Stored entries
● ● ●
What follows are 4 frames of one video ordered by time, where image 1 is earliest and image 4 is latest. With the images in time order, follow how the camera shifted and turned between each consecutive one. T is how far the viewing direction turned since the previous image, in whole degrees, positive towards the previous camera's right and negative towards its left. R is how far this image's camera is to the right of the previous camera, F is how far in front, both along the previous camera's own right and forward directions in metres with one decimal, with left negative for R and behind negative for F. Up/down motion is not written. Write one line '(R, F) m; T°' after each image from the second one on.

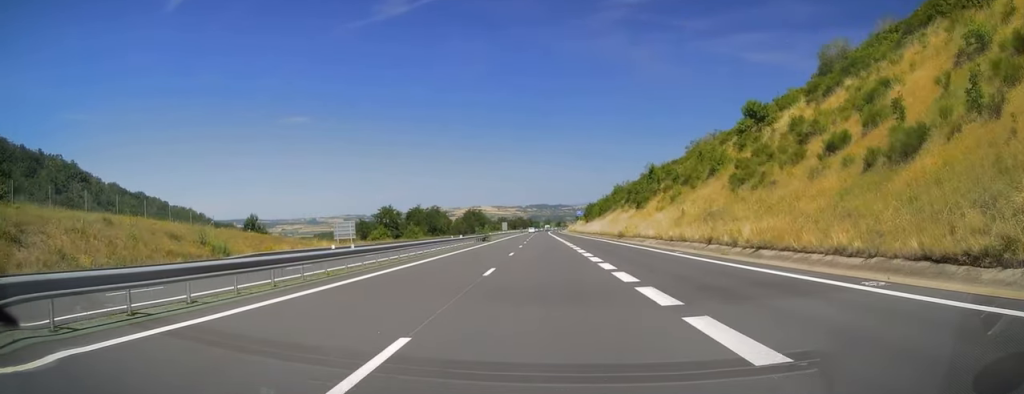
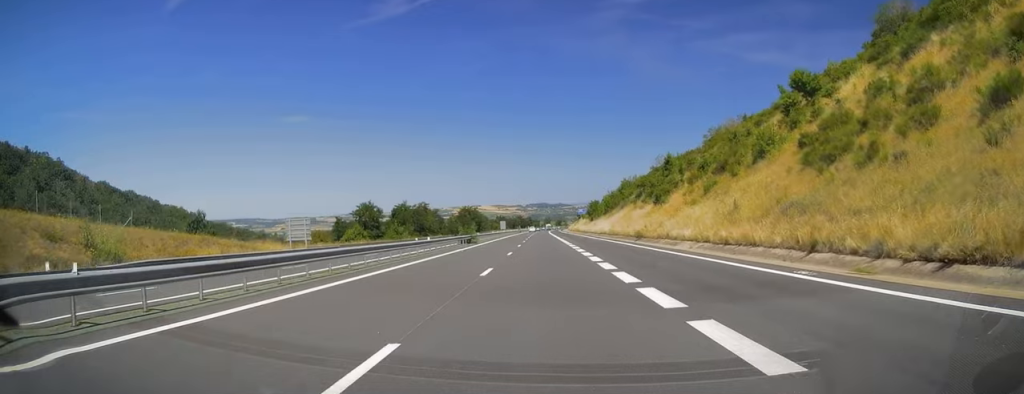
(+0.1, +13.5) m; 0°
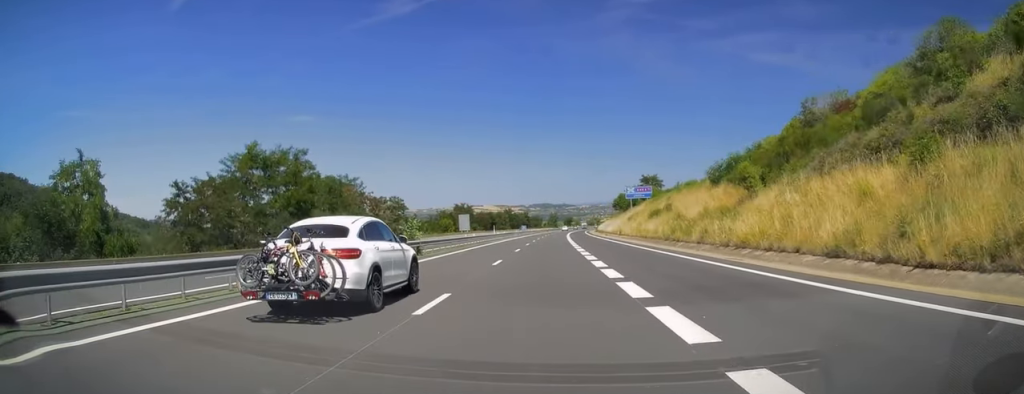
(-1.6, +150.9) m; -1°
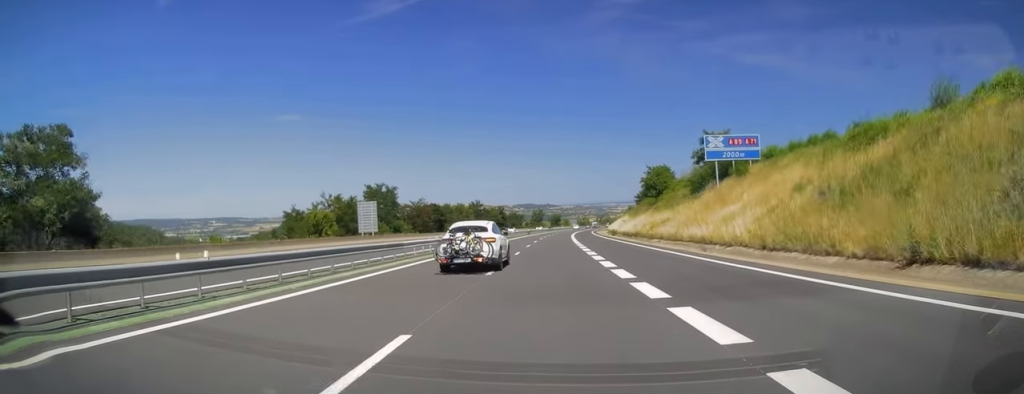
(+1.0, +69.7) m; +1°
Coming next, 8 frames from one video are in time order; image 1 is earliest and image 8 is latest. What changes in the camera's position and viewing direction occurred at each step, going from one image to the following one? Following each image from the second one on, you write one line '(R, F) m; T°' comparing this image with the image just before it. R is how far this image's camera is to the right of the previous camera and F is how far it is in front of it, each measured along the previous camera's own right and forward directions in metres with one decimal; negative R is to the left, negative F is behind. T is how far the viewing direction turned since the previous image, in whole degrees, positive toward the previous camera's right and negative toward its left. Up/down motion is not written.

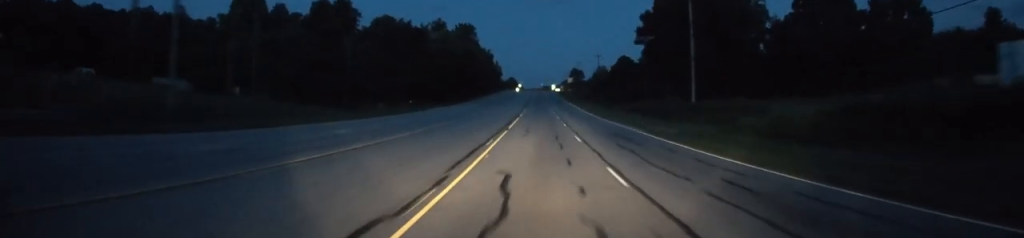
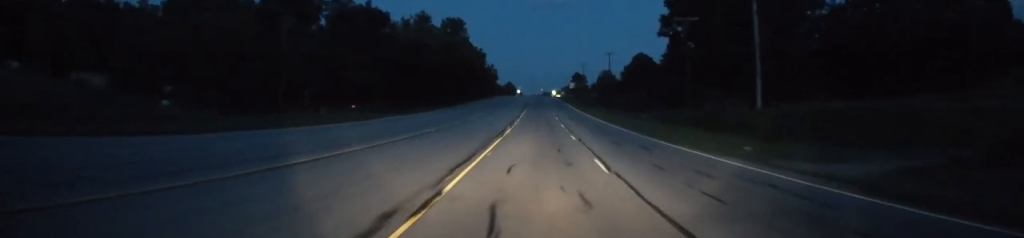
● ● ●
Work instructions
Every record above must be printed exactly, except for its images.

Result of the exercise
What follows are 4 frames of one video ordered by time, where image 1 is earliest and image 4 is latest. With the images in time order, follow how the camera shifted and turned between each consecutive one. T is how far the viewing direction turned since the previous image, in whole degrees, positive towards the previous camera's right and negative towards its left. R is how far this image's camera is to the right of the previous camera, F is how far in front, both along the previous camera's own right and forward directions in metres with one decimal, with left negative for R and behind negative for F. Up/down motion is not written. Write one line '(R, F) m; T°' after each image from the second one on.

(+0.1, +13.5) m; 0°
(-1.6, +150.9) m; -1°
(+1.0, +69.7) m; +1°
Coming next, 8 frames from one video are in time order; image 1 is earliest and image 8 is latest. What changes in the camera's position and viewing direction occurred at each step, going from one image to the following one? Following each image from the second one on, you write one line '(R, F) m; T°' comparing this image with the image just before it. R is how far this image's camera is to the right of the previous camera and F is how far it is in front of it, each measured along the previous camera's own right and forward directions in metres with one decimal; negative R is to the left, negative F is behind. T is how far the viewing direction turned since the previous image, in whole degrees, positive toward the previous camera's right and negative toward its left. Up/down motion is not written.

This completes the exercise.